A powerful tool for automatically generating evaluation datasets for Retrieval-Augmented Generation (RAG) systems. Transform your PDF documents into structured Q&A pairs that can be used to test, benchmark, and improve your RAG applications.
The Problem
Evaluating RAG systems is hard. You need:
- Ground truth Q&A pairs that accurately reflect your documents
- Realistic questions users would actually ask
- Context to verify answers were derived from documents, not hallucinations
- Scale — manually creating test cases is impractical
Creating evaluation data manually is time-consuming, error-prone, and doesn't scale. This tool automates the entire process.
How It Works
The pipeline transforms documents into evaluation-ready datasets:
PDFs → Markdown → Chunks → LLM (Agent) → Q&A Pairs → DataFrame → CSV
Step 1: PDF to Markdown Conversion
Converts PDF documents into clean, structured markdown using PyMuPDF4LLM. This preserves:
- Document hierarchy and headings
- Semantic structure
- Code blocks and formatting
Step 2: Intelligent Chunking
Breaks documents into semantically coherent chunks that:
- Fit comfortably in LLM context windows
- Contain complete thoughts and ideas
- Respect semantic boundaries
Step 3: LLM-Powered Q&A Generation
Uses an AI agent with carefully engineered prompts to generate:
- Realistic, user-like questions
- Grounded answers (derived only from source text)

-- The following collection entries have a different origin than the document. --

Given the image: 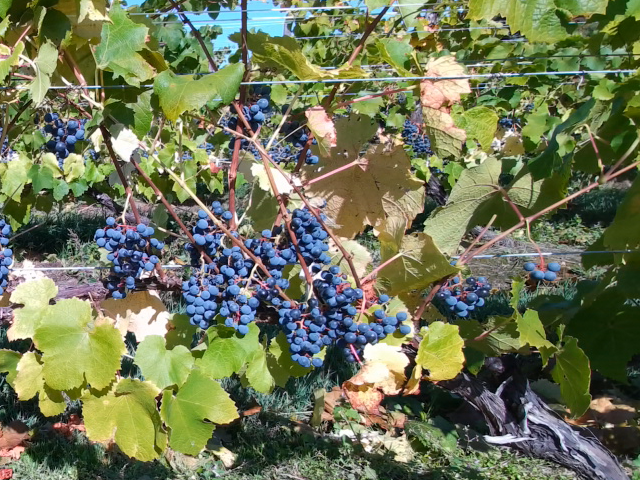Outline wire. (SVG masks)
I'll use <instances>...</instances> for the list:
<instances>
[{
	"label": "wire",
	"mask_w": 640,
	"mask_h": 480,
	"mask_svg": "<svg viewBox=\"0 0 640 480\" xmlns=\"http://www.w3.org/2000/svg\"><path fill=\"white\" fill-rule=\"evenodd\" d=\"M129 83L124 84H101V85H73V84H58L50 85V90L71 89V90H103V89H126L129 88Z\"/></svg>",
	"instance_id": "wire-4"
},
{
	"label": "wire",
	"mask_w": 640,
	"mask_h": 480,
	"mask_svg": "<svg viewBox=\"0 0 640 480\" xmlns=\"http://www.w3.org/2000/svg\"><path fill=\"white\" fill-rule=\"evenodd\" d=\"M639 248H604V249H586V250H561V251H543L542 255L547 257H556L563 255H588V254H606V253H639Z\"/></svg>",
	"instance_id": "wire-3"
},
{
	"label": "wire",
	"mask_w": 640,
	"mask_h": 480,
	"mask_svg": "<svg viewBox=\"0 0 640 480\" xmlns=\"http://www.w3.org/2000/svg\"><path fill=\"white\" fill-rule=\"evenodd\" d=\"M504 257H514V258L533 257V258H538L539 254L535 253V252H521V253H517V252H502V253H495V254L475 255L474 259L475 260H487V259H497V258H504Z\"/></svg>",
	"instance_id": "wire-5"
},
{
	"label": "wire",
	"mask_w": 640,
	"mask_h": 480,
	"mask_svg": "<svg viewBox=\"0 0 640 480\" xmlns=\"http://www.w3.org/2000/svg\"><path fill=\"white\" fill-rule=\"evenodd\" d=\"M640 74L639 68L621 69H586L577 71H529L512 73H465L461 75H436L424 77L379 76L365 78H330V79H302V80H241L243 85H304V84H333V83H367L381 81L426 82L438 80H463L467 78H514L531 76H579L588 74Z\"/></svg>",
	"instance_id": "wire-1"
},
{
	"label": "wire",
	"mask_w": 640,
	"mask_h": 480,
	"mask_svg": "<svg viewBox=\"0 0 640 480\" xmlns=\"http://www.w3.org/2000/svg\"><path fill=\"white\" fill-rule=\"evenodd\" d=\"M112 265H97V266H85V265H58L50 267H37V268H19L10 267V272L17 273H39V272H52L60 270H83V271H99V270H112Z\"/></svg>",
	"instance_id": "wire-2"
}]
</instances>
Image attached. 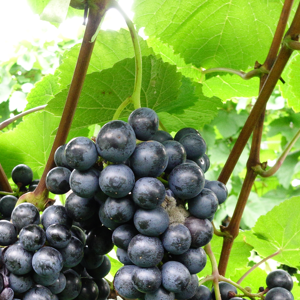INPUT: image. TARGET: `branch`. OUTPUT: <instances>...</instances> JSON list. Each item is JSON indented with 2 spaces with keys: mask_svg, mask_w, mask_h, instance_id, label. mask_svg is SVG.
Wrapping results in <instances>:
<instances>
[{
  "mask_svg": "<svg viewBox=\"0 0 300 300\" xmlns=\"http://www.w3.org/2000/svg\"><path fill=\"white\" fill-rule=\"evenodd\" d=\"M110 3L111 0H97L92 5L89 12L88 24L81 41L79 58L72 77L70 91L66 94L67 100L62 110L59 128L45 165V170L42 173L41 180L38 182L36 189L33 190V192H24L23 195L19 197L22 203H33L40 211H45L54 204V199L49 198V190L45 185V178L47 173L55 167L54 157L57 149L60 145L65 143L68 132L71 130V122L81 96V90L87 74L92 51Z\"/></svg>",
  "mask_w": 300,
  "mask_h": 300,
  "instance_id": "2",
  "label": "branch"
},
{
  "mask_svg": "<svg viewBox=\"0 0 300 300\" xmlns=\"http://www.w3.org/2000/svg\"><path fill=\"white\" fill-rule=\"evenodd\" d=\"M292 5L293 0H284L278 22L274 28L268 56L265 58V64H258L255 67V72L258 74L259 81L258 100L255 103L251 114L248 116V120L242 127L241 133L219 175V181L221 183H227L229 181L231 173L235 169L236 163L252 134L250 157L247 160V175L242 184L240 196L236 203L231 222L227 226L221 228L223 242L222 251L218 261V272L221 276L225 275L226 268L228 267L231 256V247L234 238L238 235L242 214L245 212L251 189L258 176V172L260 171V143L266 102L269 100L284 67L292 57V52L300 49V5L294 13L293 21L289 25L286 35L284 36V44L280 49Z\"/></svg>",
  "mask_w": 300,
  "mask_h": 300,
  "instance_id": "1",
  "label": "branch"
}]
</instances>

- Varied question types (factual, comparative, definitions, yes/no)
- Exact context for verification
Step 4: Structured Export
Outputs to CSV format with:
- Unique identifiers for each pair
- Query (user question)
- AI response (ground-truth answer)
- Context (source text)
Features
- Fully Automated — Minimal manual effort required
- Grounded Output — Every answer is tied to source text, preventing hallucinations
- Scalable — Process hundreds or thousands of documents
- Reproducible — Same inputs produce consistent outputs
- Structured Data — Pydantic validation ensures quality and consistency
- Framework Ready — Export to CSV works with DeepEval, Ragas, and other evaluation tools
Tech Stack
- LangChain — LLM workflow orchestration
- LangGraph — Agent implementation
- PyMuPDF4LLM — PDF to Markdown conversion
- NVIDIA API — Access to open-source models (GPT-OSS-120B, NV-Embed-V1)
- Pandas — Data organization and export
Use Cases
- RAG Evaluation — Generate test cases to measure retrieval and generation quality
- Benchmarking — Create standardized datasets for comparing RAG implementations
- Regression Testing — Ensure changes don't break existing functionality
- Domain-Specific Testing — Generate evaluation data from your own documents
Live Demo
Try the live application: RAG Eval Dataset Generator
Video Demo
Watch the full demonstration:
Get Started
- Prepare your PDF documents
- Configure your NVIDIA API key
- Run the pipeline
- Export and use your evaluation dataset
For detailed implementation, check out the full notebook.
Next Steps
- Integrate with evaluation frameworks — Use DeepEval or Ragas to assess RAG quality
- Add question variety filters — Include comparative, analytical, and other question types
- Implement quality gates — Filter out low-quality pairs programmatically
- Version control datasets — Store evaluation CSVs alongside model versions
- Feedback loops — Use evaluation results to improve your RAG pipeline
Transform tedious manual annotation into a reliable, scalable process for continuous RAG evaluation.